[Entries taken from a collection]
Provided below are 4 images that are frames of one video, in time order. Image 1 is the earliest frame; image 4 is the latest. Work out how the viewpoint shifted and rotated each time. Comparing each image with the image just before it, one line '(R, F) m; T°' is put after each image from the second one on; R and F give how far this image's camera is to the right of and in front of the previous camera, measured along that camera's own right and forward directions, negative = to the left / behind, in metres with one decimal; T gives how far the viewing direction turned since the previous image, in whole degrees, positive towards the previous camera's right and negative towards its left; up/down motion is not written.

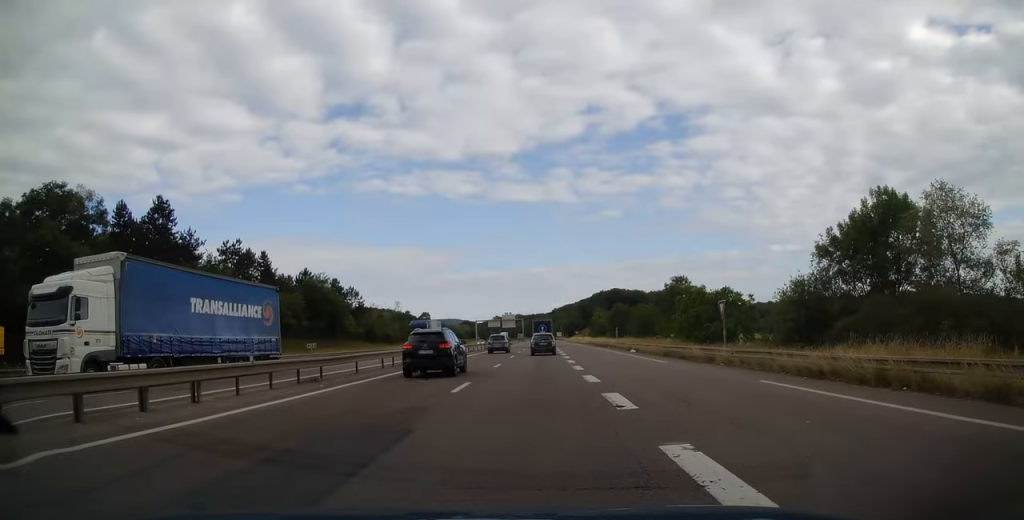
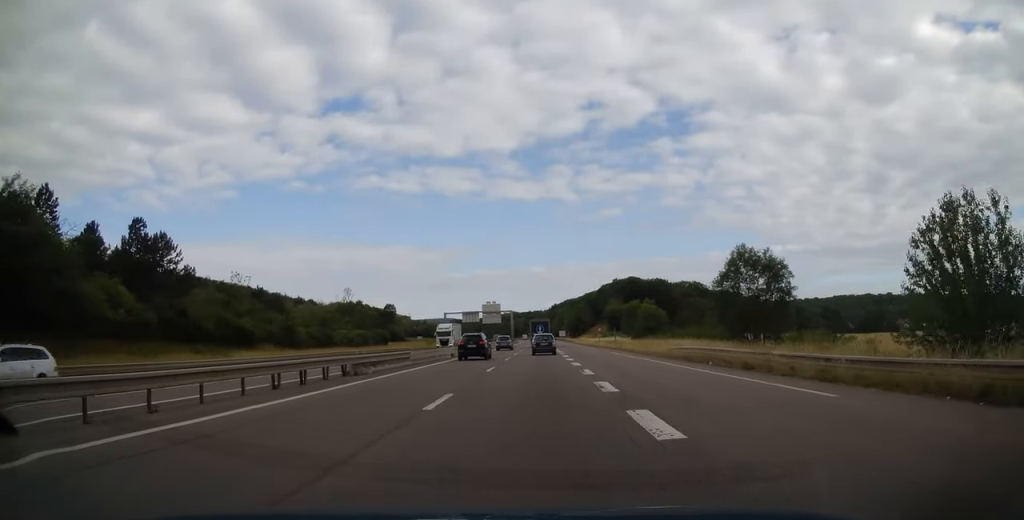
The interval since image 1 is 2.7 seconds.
(-0.2, +68.2) m; 0°
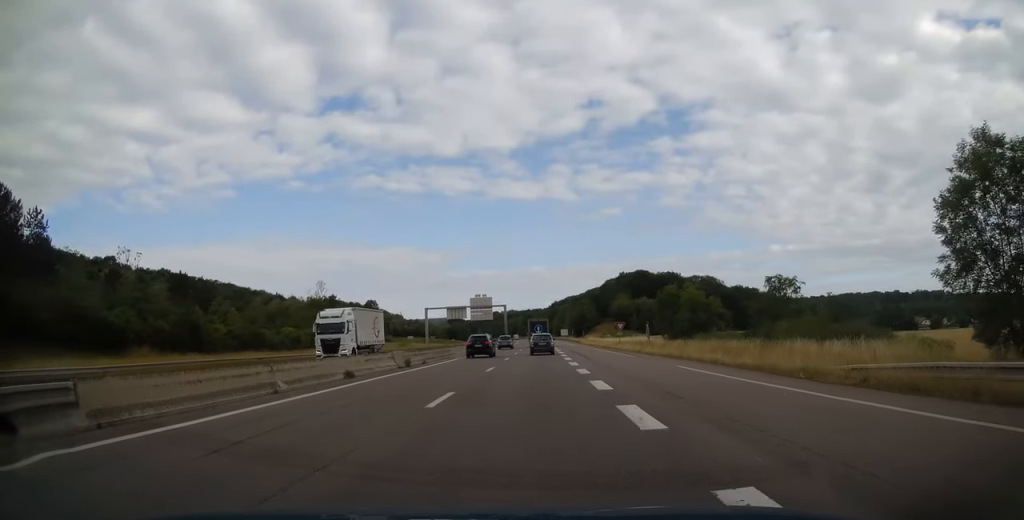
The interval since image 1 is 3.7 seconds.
(+0.1, +25.1) m; 0°
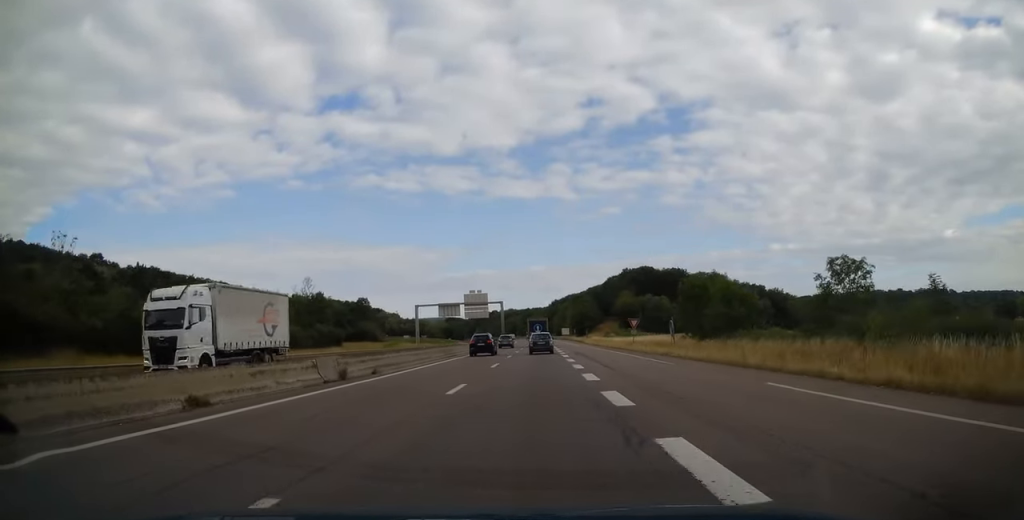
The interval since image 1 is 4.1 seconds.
(-0.1, +10.2) m; 0°

▶ **Task details**
Every record above should be set down exactly, with the pictures left out.

▶ **Exercise answer**
Provided below are 4 images that are frames of one video, in time order. Image 1 is the earliest frame; image 4 is the latest. Work out how the viewpoint shifted and rotated each time. Comparing each image with the image just before it, one line '(R, F) m; T°' is put after each image from the second one on; R and F give how far this image's camera is to the right of and in front of the previous camera, measured along that camera's own right and forward directions, negative = to the left / behind, in metres with one decimal; T gives how far the viewing direction turned since the previous image, in whole degrees, positive towards the previous camera's right and negative towards its left; up/down motion is not written.

The interval since image 1 is 2.7 seconds.
(-0.2, +68.2) m; 0°
The interval since image 1 is 3.7 seconds.
(+0.1, +25.1) m; 0°
The interval since image 1 is 4.1 seconds.
(-0.1, +10.2) m; 0°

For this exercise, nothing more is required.